As with any software program, a run-time optimizer may be debugged. However, unlike other software programs, a dynamic optimizer is particularly difficult to debug because each time a program is run, small differences in timing or machine load can cause a dynamic optimizer to produce different output. The optimizer may also start running an optimization at different places on different runs because of different timing situations. Thus, unlike conventional software programs, debug situations and start points for dynamic optimizer programs are almost never repeatable.

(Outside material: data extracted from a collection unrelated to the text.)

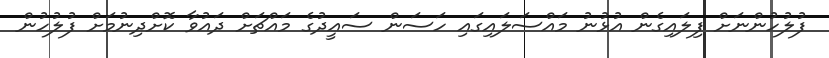
ފުލުހުންނަށް ފިލައިގެން އުޅުނު މައްސަލައިގައި ހަސަން ސައީދުގެ މައްޗަށް ދައުވާ ކޮށްދިނުމަށް ފުލުހުން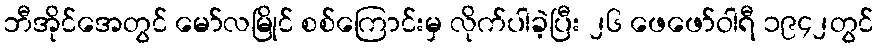
ဘီအိုင်အေတွင် မော်လမြိုင် စစ်ကြောင်းမှ လိုက်ပါခဲ့ပြီး ၂၆ ဖေဖော်ဝါရီ ၁၉၄၂တွင်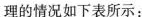
理的情况如下表所示：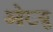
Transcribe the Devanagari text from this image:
ओख्यु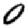
Digit: 0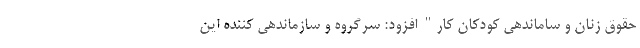
حقوق زنان و ساماندهی کودکان کار" افزود: سرگروه و سازماندهی کننده این
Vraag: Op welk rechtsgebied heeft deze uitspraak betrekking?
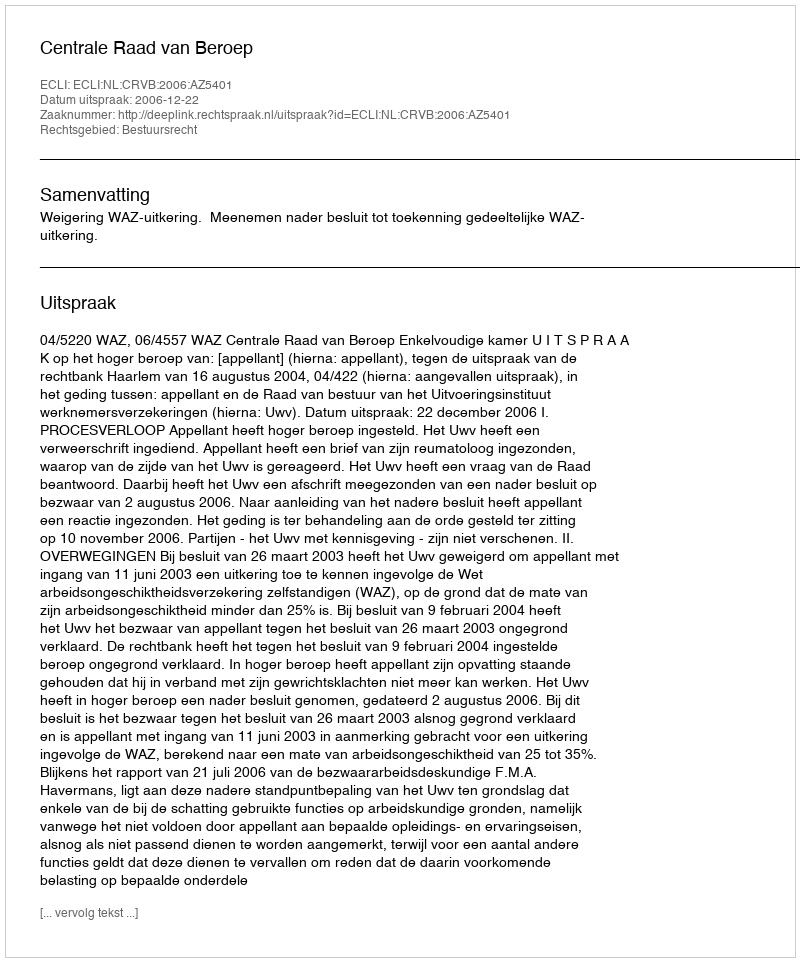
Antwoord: Bestuursrecht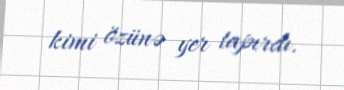
kimi özünə yer tapırdı.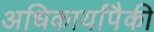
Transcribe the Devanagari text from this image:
अधिकार्यांपैकी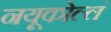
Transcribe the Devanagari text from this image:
नयूकोल्लं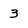
Character: 3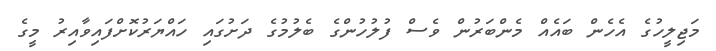
މަޖިލީހުގެ އެހެން ބައެއް މެންބަރުން ވެސް ފުލުހުންގެ ބެލުމުގެ ދަށުގައި ހައްޔަރުކޮށްފައިވާއިރު މީގެ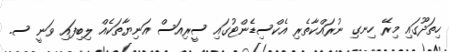
ހިތަދޫގައި މިރޭ ހިނގި ނުރައްކާތެރި އެކްސިޑެންޓުގައި ސީރިއަސް އަނިޔާތަކެއް ލިބިފައި ވަނީ ސ.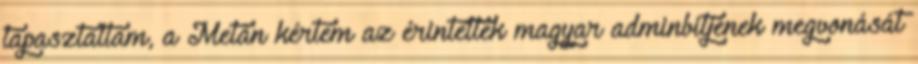
tapasztaltam, a Metán kértem az érintettek magyar adminbitjének megvonását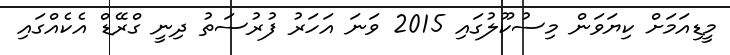
މީޑިއަމަށް ކިޔަވަން މިސުކޫލުގައި 2015 ވަނަ އަަހަރު ފުރުސަތު ދިނީ ގްރޭޑް އެކެއްގައި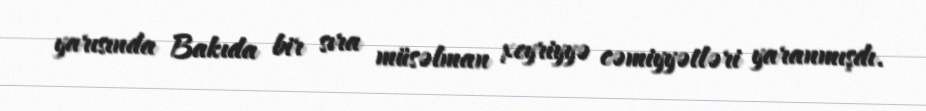
yarısında Bakıda bir sıra müsəlman xeyriyyə cəmiyyətləri yaranmışdı.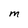
Character: M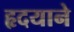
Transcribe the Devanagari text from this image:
हृदयाने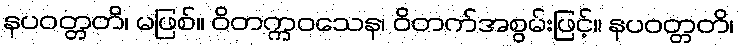
နပဝတ္တတိ၊ မဖြစ်။ ဝိတက္ကဝသေန၊ ဝိတက်အစွမ်းဖြင့်။ နပဝတ္တတိ၊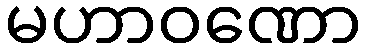
မဟာဝဏော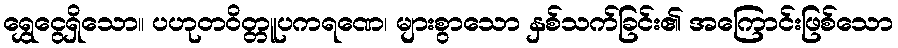
ရွှေငွေရှိသော။ ပဟုတဝိတ္တူပကရဏေ၊ များစွာသော နှစ်သက်ခြင်း၏ အကြောင်းဖြစ်သော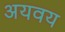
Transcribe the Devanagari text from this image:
अयवय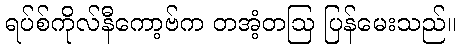
ရပ်စ်ကိုလ်နီကော့ဗ်က တအံ့တဩ ပြန်မေးသည်။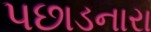
પછાડનારા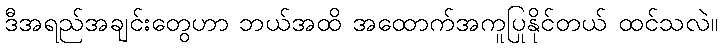
ဒီအရည်အချင်းတွေဟာ ဘယ်အထိ အထောက်အကူပြုနိုင်တယ် ထင်သလဲ။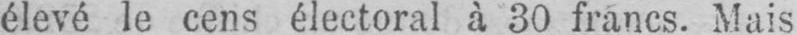
élevé le cens électoral à 30 francs. Mais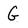
Character: G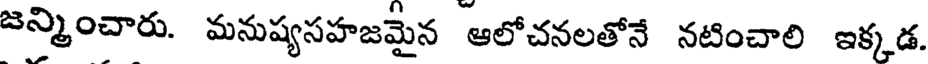
జన్మించారు. మనుష్యసహజమైన ఆలోచనలతోనే నటించాలి ఇక్కడ.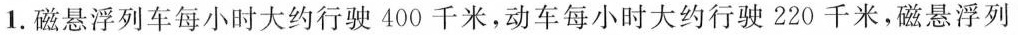
1.磁悬浮列车每小时大约行驶400千米，动车每小时大约行驶220千米，磁悬浮列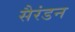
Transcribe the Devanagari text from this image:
सैरंडन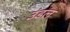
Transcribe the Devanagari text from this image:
उंडल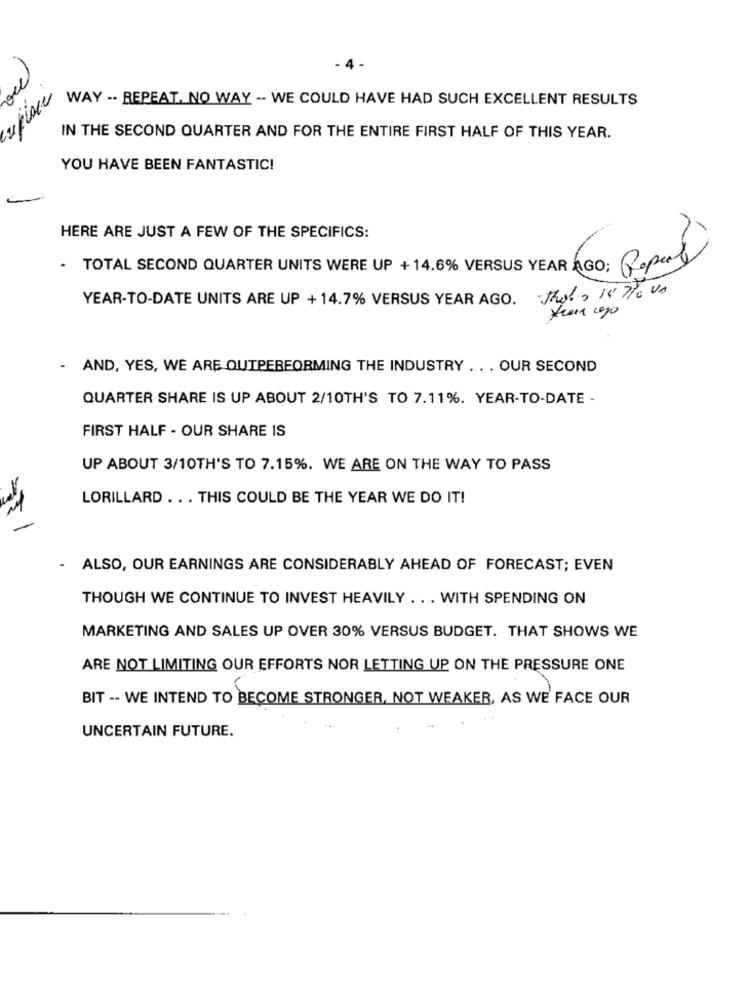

Another problem with debugging dynamic optimizers has to do with one particular function of the optimizer. Ideally, a dynamic optimizer will analyze a frequently executed path of executable program code and determine if that path can be optimized by taking advantage of invariance or pseudo-invariance of instructions within that path. More specifically, the optimizer will often invoke an interpreter that interprets the instructions in a program path and provides the results of the interpretation to the optimizer. The optimizer will then analyze the results and determine, among other things, if instructions in the program path are pseudo-invariant. An instruction is invariant or constant if it produces the same output value every time it is executed. An instruction is pseudo-invariant if it is invariant or if it produces a limited set of output values almost every time it is executed. An optimizer may advantageously use this pseudo-invariance information to calculate values for variables and instructions ahead of time and substitute a translated, less costly (in terms of system resources) series of instructions in place of the original program code. Thus, because the dynamic optimizer executes a code translation, the optimizer may also be referred to as a dynamic translator.
Within one execution of a program, a dynamic optimizer may rewrite or translate code multiple times. Thus, a given code sequence with an error may be overwritten by a subsequent code sequence and the exact nature of the error, the time the error was generated, and any possible reasons for the error may be lost. A post-processing debugger is therefore incapable of capturing real-time debug information and will not completely aid a software developer in debugging the dynamic optimizer.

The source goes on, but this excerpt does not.